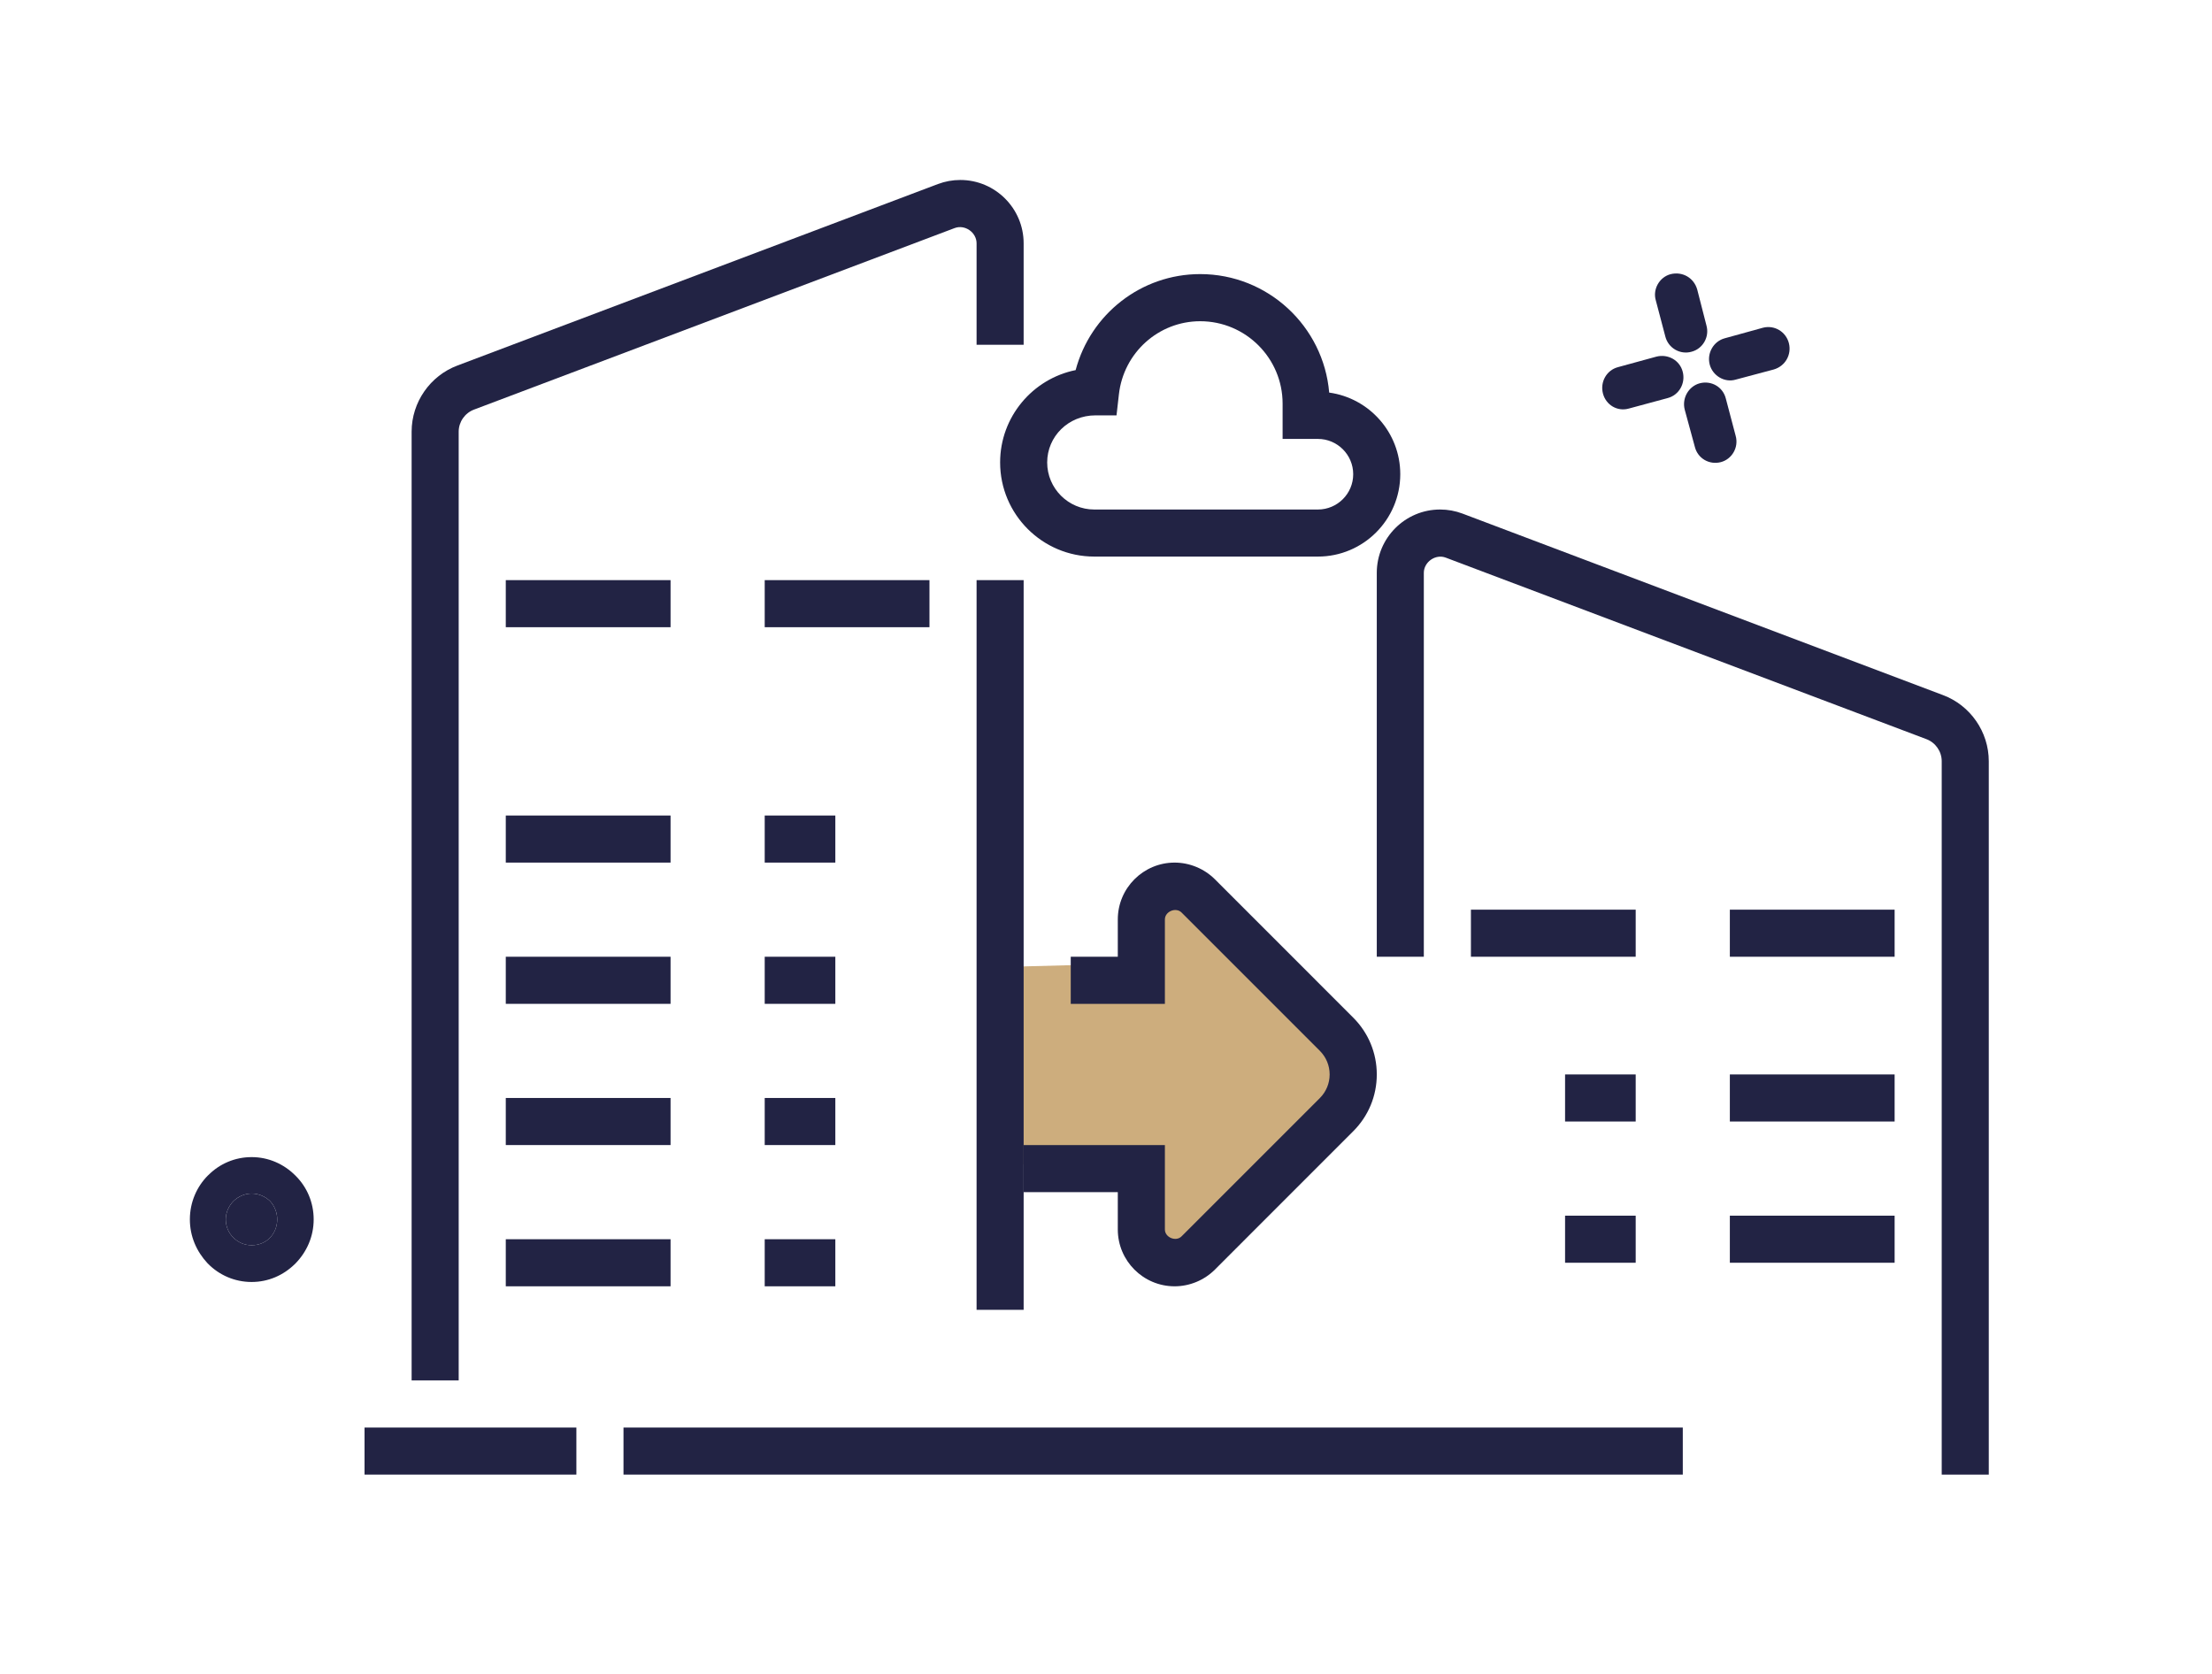 <?xml version="1.0" encoding="iso-8859-1"?>
<!-- Generator: Adobe Illustrator 16.0.0, SVG Export Plug-In . SVG Version: 6.00 Build 0)  -->
<!DOCTYPE svg PUBLIC "-//W3C//DTD SVG 1.1//EN" "http://www.w3.org/Graphics/SVG/1.1/DTD/svg11.dtd">
<svg version="1.1" id="Layer_1" xmlns="http://www.w3.org/2000/svg" xmlns:xlink="http://www.w3.org/1999/xlink" x="0px" y="0px"
	 width="119.25px" height="90.25px" viewBox="0 0 119.25 90.25" style="enable-background:new 0 0 119.25 90.25;"
	 xml:space="preserve">
<g>
	<path style="fill:#CDAD7D;" d="M55.108,52.103l6.803-0.179c0,0,0.537-3.939,1.074-3.581c0.537,0.357,10.925,9.49,10.925,9.49
		l-10.388,9.491c0,0-2.327-1.881-2.327-2.328c0-0.448,1.881-2.06,0.269-2.06c-1.611,0-6.625-0.179-6.625-0.179l-0.269-10.476
		L55.108,52.103z"/>
	<g>
		<path style="fill:#222344;" d="M90.823,22.08c-0.157-0.619,0.214-1.259,0.816-1.418c0.619-0.159,1.24,0.195,1.399,0.816
			l0.533,2.019c0.174,0.619-0.197,1.258-0.8,1.417c-0.619,0.16-1.24-0.195-1.399-0.816L90.823,22.08z"/>
		<g>
			<path style="fill:#222344;" d="M93.572,20.466c-0.603,0.179-1.242-0.212-1.401-0.814c-0.16-0.619,0.212-1.256,0.813-1.415
				l2.057-0.568c0.617-0.16,1.24,0.212,1.399,0.831c0.158,0.621-0.197,1.24-0.815,1.419L93.572,20.466z"/>
			<path style="fill:#222344;" d="M90.063,14.781c0.639-0.159,1.258,0.195,1.436,0.831l0.495,1.931
				c0.177,0.621-0.195,1.259-0.797,1.418c-0.621,0.178-1.257-0.195-1.417-0.814l-0.514-1.95
				C89.088,15.596,89.459,14.941,90.063,14.781z"/>
			<path style="fill:#222344;" d="M86.415,21.211c-0.16-0.62,0.197-1.257,0.813-1.418l2.071-0.567
				c0.623-0.157,1.259,0.195,1.417,0.816c0.161,0.619-0.193,1.257-0.813,1.419l-2.09,0.564
				C87.195,22.203,86.574,21.832,86.415,21.211z"/>
		</g>
	</g>
	<g>
		<path style="fill:#222344;" d="M13.563,69.114c-0.914,0-1.754-0.375-2.354-0.99l-0.029-0.029
			c-0.584-0.629-0.944-1.441-0.944-2.354c0-0.93,0.375-1.77,0.974-2.37l0.032-0.028c0.6-0.601,1.423-0.961,2.323-0.961
			c0.916,0,1.741,0.375,2.355,0.989l0.029,0.029c0.6,0.601,0.961,1.428,0.961,2.341c0,0.929-0.375,1.756-0.99,2.384l-0.03,0.028
			C15.275,68.754,14.465,69.114,13.563,69.114z M12.171,65.74c0,0.39,0.164,0.75,0.419,0.99c0.255,0.256,0.6,0.403,0.974,0.403
			c0.392,0,0.736-0.147,0.976-0.39c0.255-0.254,0.405-0.614,0.405-1.004c0-0.375-0.15-0.735-0.389-0.99
			c-0.255-0.241-0.6-0.404-0.992-0.404c-0.374,0-0.719,0.163-0.974,0.404C12.335,65.005,12.171,65.365,12.171,65.74z"/>
		<g>
			<g>
				<path style="fill:#222344;" d="M12.59,66.73c-0.255-0.24-0.419-0.601-0.419-0.99c0-0.375,0.164-0.735,0.419-0.99
					c0.255-0.241,0.6-0.404,0.974-0.404c0.392,0,0.736,0.163,0.992,0.404c0.239,0.255,0.389,0.615,0.389,0.99
					c0,0.39-0.15,0.75-0.405,1.004c-0.239,0.242-0.584,0.39-0.976,0.39C13.19,67.134,12.845,66.986,12.59,66.73z"/>
			</g>
		</g>
	</g>
	<g>
		<rect x="52.648" y="31.276" style="fill:#222344;" width="2.537" height="39.339"/>
		<path style="fill:#222344;" d="M24.728,74.423h-2.537V23.27c0-1.578,0.992-3.011,2.47-3.564l25.903-9.783
			c0.386-0.146,0.793-0.22,1.207-0.22c1.882,0,3.414,1.532,3.414,3.415v5.469h-2.537v-5.469c0-0.587-0.628-1.033-1.188-0.82
			l-25.905,9.784c-0.495,0.186-0.827,0.665-0.827,1.189V74.423z"/>
		<rect x="33.613" y="76.961" style="fill:#222344;" width="57.107" height="2.538"/>
		<rect x="19.653" y="76.961" style="fill:#222344;" width="11.42" height="2.538"/>
		<rect x="27.267" y="31.276" style="fill:#222344;" width="8.883" height="2.538"/>
		<rect x="41.226" y="31.276" style="fill:#222344;" width="8.882" height="2.538"/>
		<rect x="27.267" y="43.966" style="fill:#222344;" width="8.883" height="2.538"/>
		<rect x="41.226" y="43.966" style="fill:#222344;" width="3.807" height="2.538"/>
		<rect x="27.267" y="51.58" style="fill:#222344;" width="8.883" height="2.539"/>
		<rect x="41.226" y="51.58" style="fill:#222344;" width="3.807" height="2.539"/>
		<rect x="27.267" y="59.194" style="fill:#222344;" width="8.883" height="2.538"/>
		<rect x="41.226" y="59.194" style="fill:#222344;" width="3.807" height="2.538"/>
		<rect x="27.267" y="66.809" style="fill:#222344;" width="8.883" height="2.538"/>
		<rect x="41.226" y="66.809" style="fill:#222344;" width="3.807" height="2.538"/>
		<path style="fill:#222344;" d="M104.679,79.499h2.537V41.037c0-1.579-0.993-3.013-2.471-3.564l-25.9-9.784
			c-0.389-0.146-0.793-0.22-1.209-0.22c-1.882,0-3.413,1.532-3.413,3.415V51.58h2.536V30.884c0-0.586,0.63-1.034,1.188-0.819
			l25.905,9.783c0.495,0.186,0.827,0.664,0.827,1.19V79.499z"/>
		<rect x="93.257" y="49.042" style="fill:#222344;" width="8.883" height="2.538"/>
		<rect x="79.298" y="49.042" style="fill:#222344;" width="8.883" height="2.538"/>
		<rect x="93.257" y="57.925" style="fill:#222344;" width="8.883" height="2.538"/>
		<rect x="84.374" y="57.925" style="fill:#222344;" width="3.807" height="2.538"/>
		<rect x="93.257" y="65.539" style="fill:#222344;" width="8.883" height="2.538"/>
		<rect x="84.374" y="65.539" style="fill:#222344;" width="3.807" height="2.538"/>
		<path style="fill:#222344;" d="M71.049,30.006H58.993c-2.799,0-5.076-2.274-5.076-5.075c0-2.455,1.752-4.51,4.071-4.978
			c0.802-3.012,3.525-5.176,6.715-5.176c3.649,0,6.652,2.816,6.954,6.388c2.162,0.297,3.832,2.158,3.832,4.399
			C75.489,28.014,73.498,30.006,71.049,30.006z M59.057,22.393c-1.463,0-2.603,1.14-2.603,2.539c0,1.399,1.14,2.537,2.539,2.537
			h12.056c1.049,0,1.903-0.852,1.903-1.903c0-1.048-0.854-1.903-1.903-1.903h-1.903v-1.904c0-2.449-1.993-4.441-4.442-4.441
			c-2.247,0-4.133,1.697-4.384,3.948l-0.128,1.128H59.057z"/>
		<path style="fill:#222344;" d="M63.324,69.347c-1.688,0-3.063-1.373-3.063-3.063v-2.013h-5.076v-2.538H62.8v4.551
			c0,0.429,0.594,0.675,0.898,0.371l7.46-7.46c0.336-0.34,0.524-0.788,0.524-1.27c0-0.479-0.188-0.93-0.524-1.269l-7.46-7.461
			c-0.305-0.302-0.898-0.057-0.898,0.373v4.551h-5.076V51.58h2.537v-2.012c0-1.688,1.375-3.064,3.063-3.064
			c0.806,0,1.598,0.328,2.169,0.897l7.459,7.461c0.818,0.817,1.271,1.905,1.271,3.063c0,1.158-0.452,2.247-1.271,3.063l-7.459,7.461
			C64.922,69.02,64.13,69.347,63.324,69.347z"/>
	</g>
</g>
</svg>
------------------------------------------------
## ACTIVITY
Show me every line of the entries above that holds "http".

## ANSWER TO THIS PROBLEM
<!DOCTYPE svg PUBLIC "-//W3C//DTD SVG 1.1//EN" "http://www.w3.org/Graphics/SVG/1.1/DTD/svg11.dtd">
<svg version="1.1" id="Layer_1" xmlns="http://www.w3.org/2000/svg" xmlns:xlink="http://www.w3.org/1999/xlink" x="0px" y="0px"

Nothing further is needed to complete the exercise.